Amazon SageMaker is a fully managed service to prepare data and build, train, and deploy machine learning (ML) models for any use case with fully m

In [10]:
import json
accept = 'application/json'
contentType = 'application/json'

body = json.dumps({
                    "prompt": prompt,
                    "max_tokens_to_sample":4096,
                    "temperature":0.5,
                    "top_k":250,
                    "top_p":0.5,
                    "stop_sequences": ["\n\nHuman:"]
                  }) 

response = boto3_bedrock.invoke_model(body=body, modelId=BEDROCK_GENERATION_MODEL, accept=accept, contentType=contentType)
response_body = json.loads(response.get('body').read())
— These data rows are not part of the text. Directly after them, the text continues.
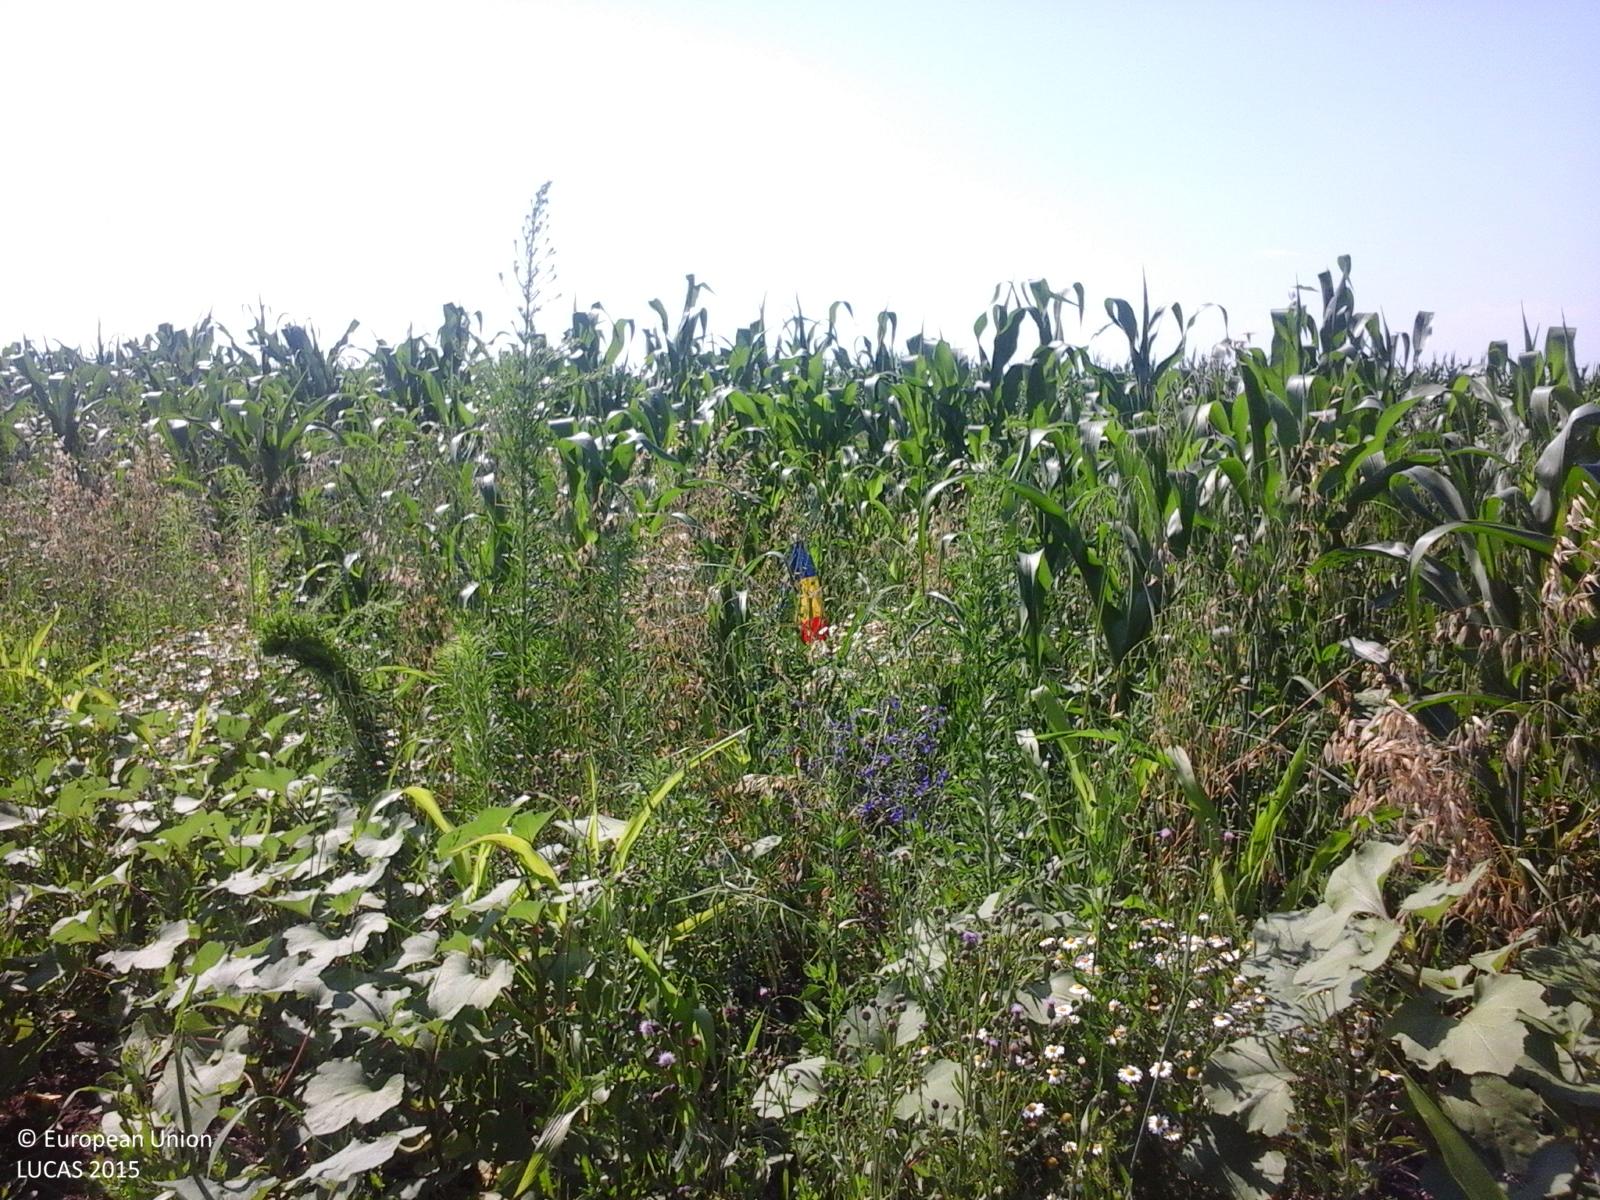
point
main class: Cropland
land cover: Maize
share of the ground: 50 - 75 %
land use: Agriculture (excluding fallow land and kitchen gardens)
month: July
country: RO
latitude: 44.5365
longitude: 24.6090
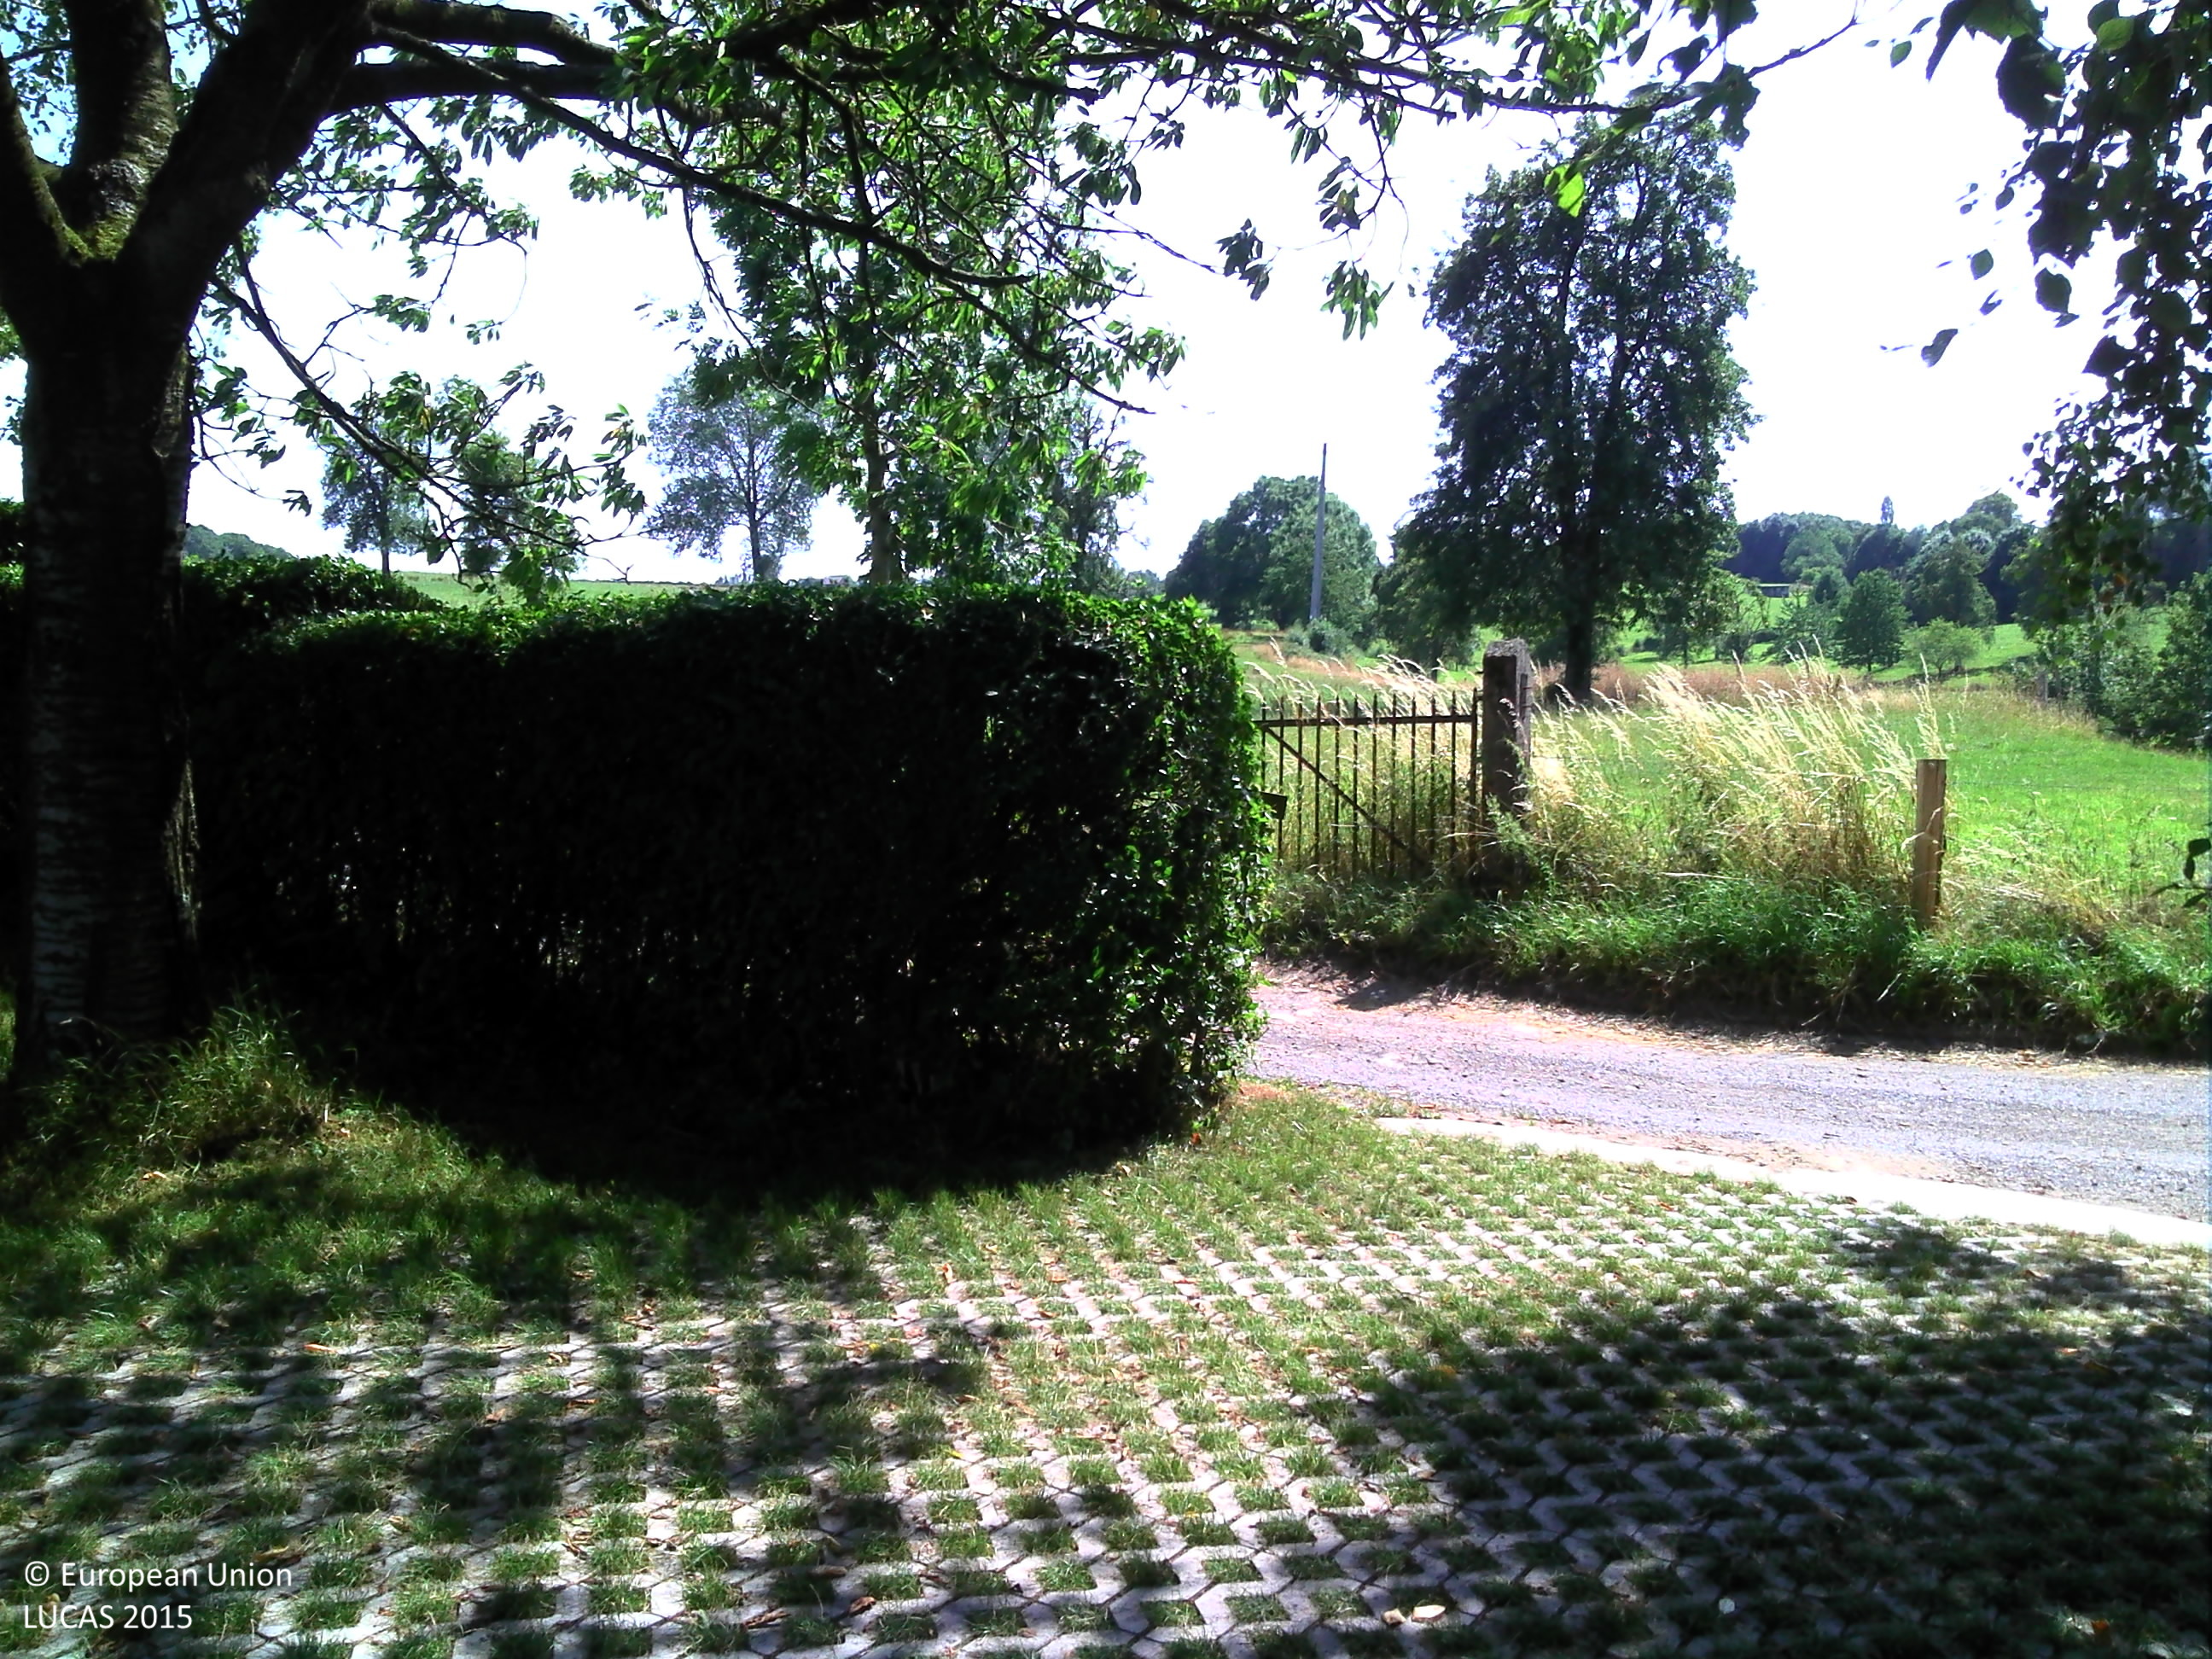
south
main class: Grassland
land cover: Grassland with sparse tree/shrub cover
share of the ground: > 75 %
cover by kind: herbaceous plants 95 %, broadleaved forest trees 5 %
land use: Residential
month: July
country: BE
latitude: 50.6428
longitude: 5.6855

{'ResponseMetadata': {'RequestId': '95403d4e-44e2-4930-a19f-55469877a359', 'HTTPStatusCode': 200, 'HTTPHeaders': {'date': 'Thu, 09 Nov 2023 22:40:18 GMT', 'content-type': 'application/json', 'content-length': '418', 'connection': 'keep-alive', 'x-amzn-requestid': '95403d4e-44e2-4930-a19f-55469877a359'}, 'RetryAttempts': 0}, 'contentType': 'application/json', 'body': <botocore.response.StreamingBody object at 0x10f53dcf0>}


In [11]:
print(response_body.get('completion'))

 Amazon SageMaker Clarify helps improve model transparency by detecting statistical bias across the entire ML workflow. SageMaker Clarify checks for imbalances during data preparation, after training, and ongoing over time, and also includes tools to help explain ML models and their predictions. Findings can be shared through explainability reports.